Source records:
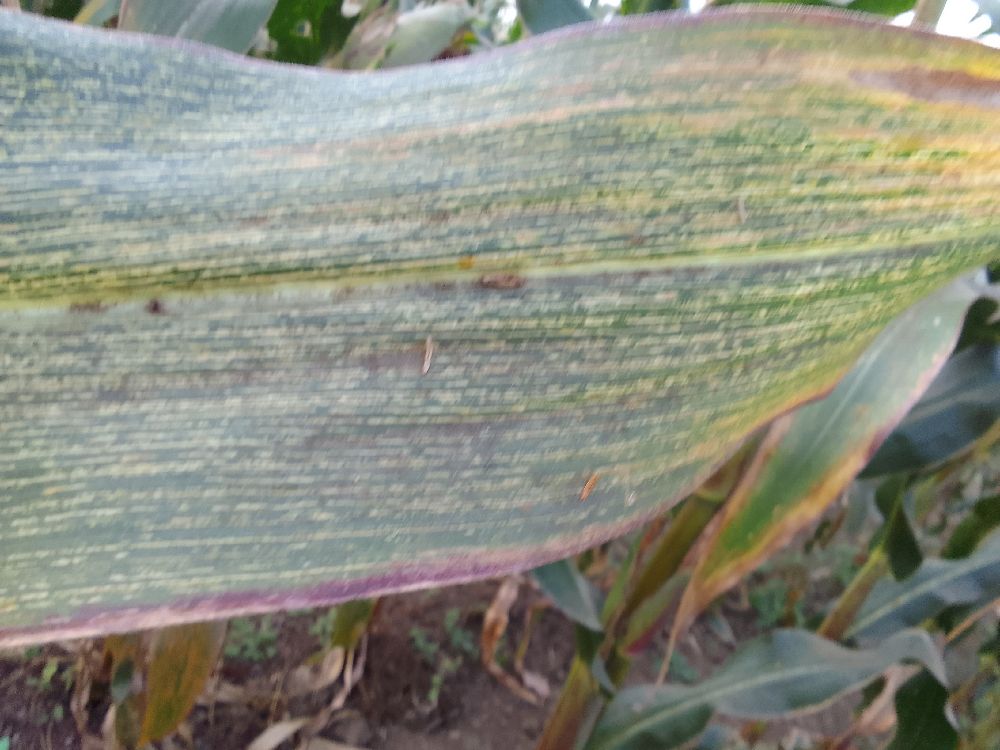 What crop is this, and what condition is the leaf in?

maize, maize streak virus
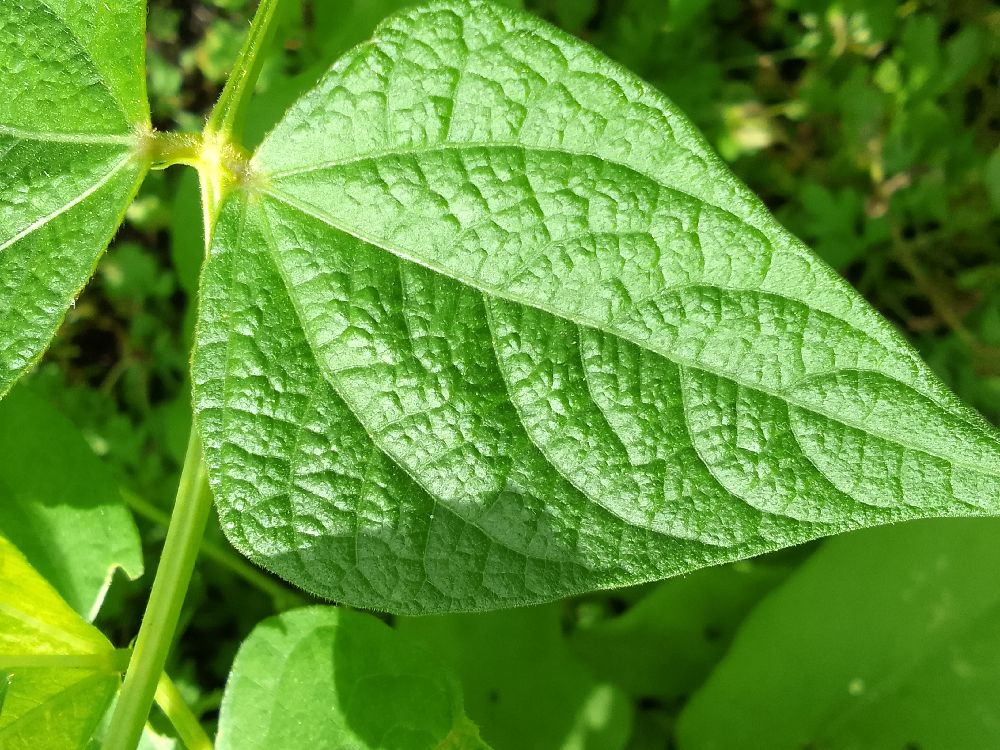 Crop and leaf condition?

common bean, healthy
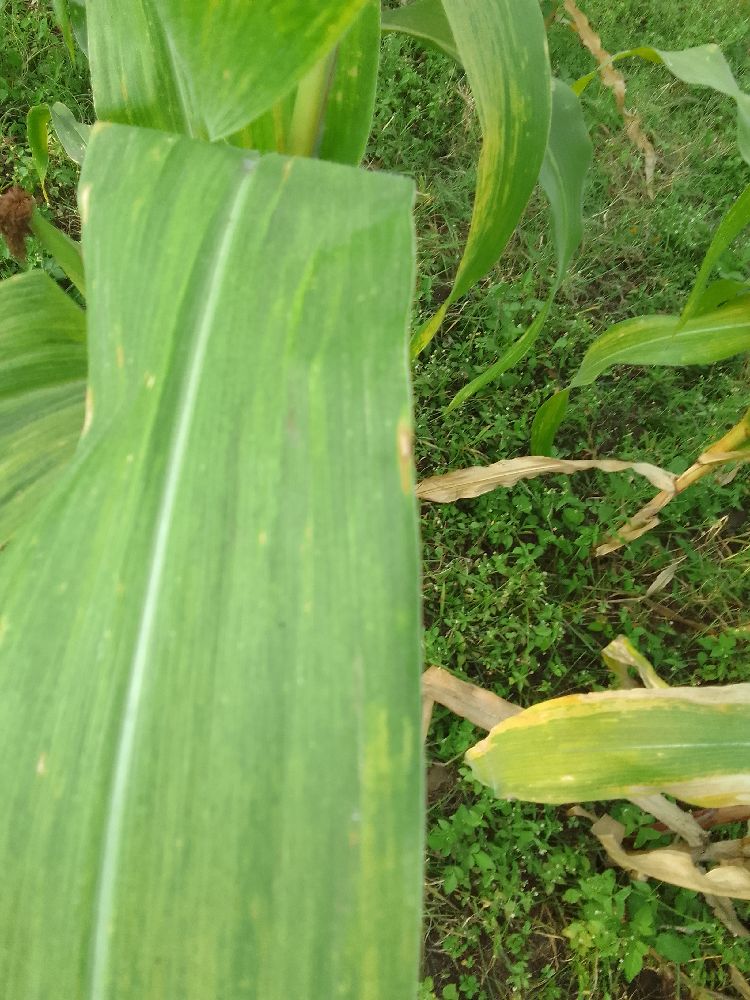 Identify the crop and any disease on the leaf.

maize, maize lethal necrosis
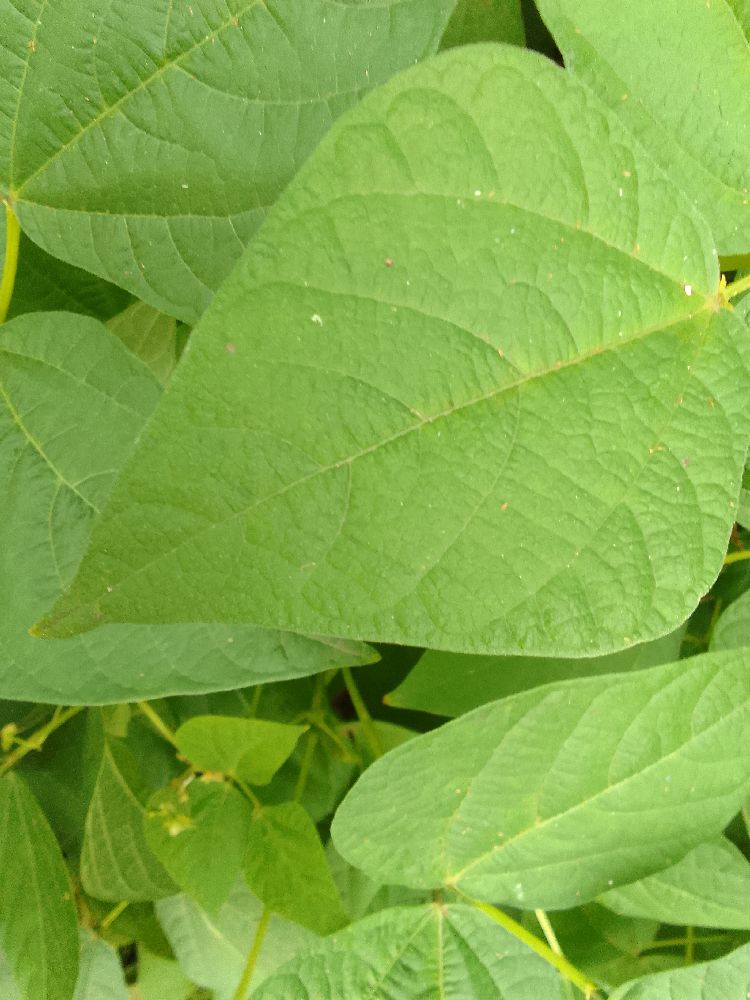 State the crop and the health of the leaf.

common bean, healthy
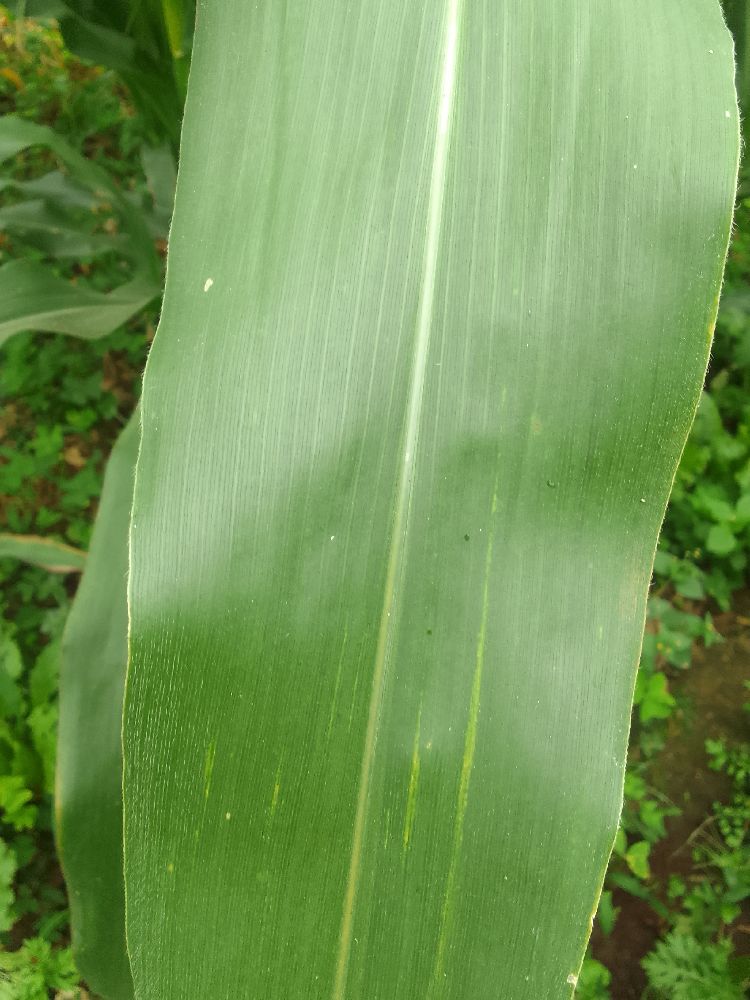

EXERCISE DETAILS ▸ Give the entries above again, exactly as written and free of images.

ANSWER AREA ▸
 What crop is this, and what condition is the leaf in?

maize, maize streak virus
 Crop and leaf condition?

common bean, healthy
 Identify the crop and any disease on the leaf.

maize, maize lethal necrosis
 State the crop and the health of the leaf.

common bean, healthy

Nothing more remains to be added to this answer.